5 Unexpected Ways To Fuel Your Story

5 Unexpected Ways To Fuel Your Story

Our inspiration for writing comes to us in unexpected ways. In this post, we discuss five unexpected ways to fuel your story.

Driving, running, dreaming – our post reveals the surprising ways we can feed our imagination as writers and storytellers.

Our inspiration for writing comes to us in unexpected ways. Often it is not when we’re at our desk or when we have paper and pen in our hands, but at times when we’re not even aware of it.

When you’re not ‘actively’ writing, your subconscious goes to work and imagination creeps in.

It’s probably happened to you before. The plot knot that has been frustrating you suddenly unravels. A radiant image blooms in your mind.  A mood for a scene takes hold of your heart.

All of it seems to come to us when we least expect it.

However, if you’re aware of the ways that creativity comes to us, you can harness it and use it to make your story stronger.

5 Unexpected Ways To Fuel Your Story

1. Driving

Annie Proulx says did most of her writing on her iconic short story ‘Brokeback Mountain’ while she was driving. In fact, a curve in Owl Canyon Road in Colorado became the curve that killed a main character’s parents.

To be honest, I have some great ideas while driving, but I seldom write these down when I’m back at home. It’s always a good idea to record what your imagination is trying to tell you – or it will slip away.

2. Walking, Running, Swimming

Research shows that there is a link between dopamine and creativity and problem solving. Dopamine is one of the happy chemicals in our brains and it’s no surprise that it is triggered by exercise.
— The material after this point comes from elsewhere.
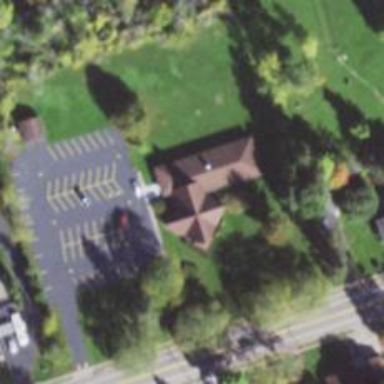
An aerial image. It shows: Place of worship.

Joyce Carol Oates, when confronted by frustrations in her writing, often goes for long afternoon runs to break her writer’s block. Malcolm Gladwell, author of Talking to Strangers, says he does a lot of ‘free association’ while running – with a lot of useful thinking going on at a subconscious level, he says.
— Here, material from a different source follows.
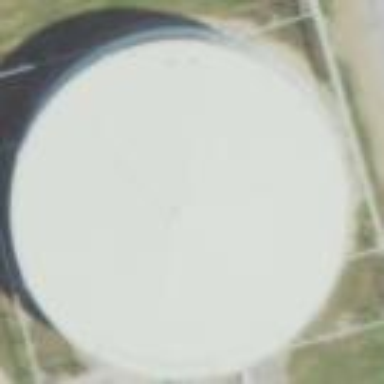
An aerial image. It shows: Storage tank which is man-made.

Author of Hideous Kinky, Esther Freud has been swimming on the North Coast, UK at the same stretch of beach for 30 years as a sort of wet creative pilgrimage. Whether you do it in the sea or a swimming pool, taking to water is wildly liberating for a writer.

3. Listening To Music

Music seems to stimulate most writers. J.K. Rowling and Salman Rushdie, for example,  are fans of listening to The Beatles while writing.
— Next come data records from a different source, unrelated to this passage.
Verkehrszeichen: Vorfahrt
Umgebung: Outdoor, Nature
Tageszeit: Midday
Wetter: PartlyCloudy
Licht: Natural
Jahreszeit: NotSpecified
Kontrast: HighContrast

Other writers listen to music that mirrors the mood of their stories. Some writers prefer listening to classical scores while writing, because they find the lyrics distracting.

4. Reading

I think we’re the most relaxed and receptive to creativity when we’re reading, either fiction or non-fiction.

Mary Higgins Clark, the suspense writer, read a magazine article about a young man who vanished from his college dormitory and phoned home every year, refusing to give information about why he left or where he was in the world. It became the plot trigger for her bestseller Where Are You Now?

5. Dreaming

Sue Monk Kidd writes down most of her dreams and says she got the ending to her novel, The Secret Life of Bees, from a dream she experienced.

If you can only remember a fragment of a dream, write it down. It’s a clue, it’s a start and you must follow it.  If you’re struggling with your writing, ask your subconscious to solve the problem while you’re asleep.

Feeding Your Story

‘The scraps that feed a story come from many cupboards,’ says Annie Proulx in her essay ‘Getting Movied’ about the filming of her story, ‘Brokeback Mountain’.

So true!  We must just be aware of where this store of ideas and creativity is placed in our world and ransack it when we need to.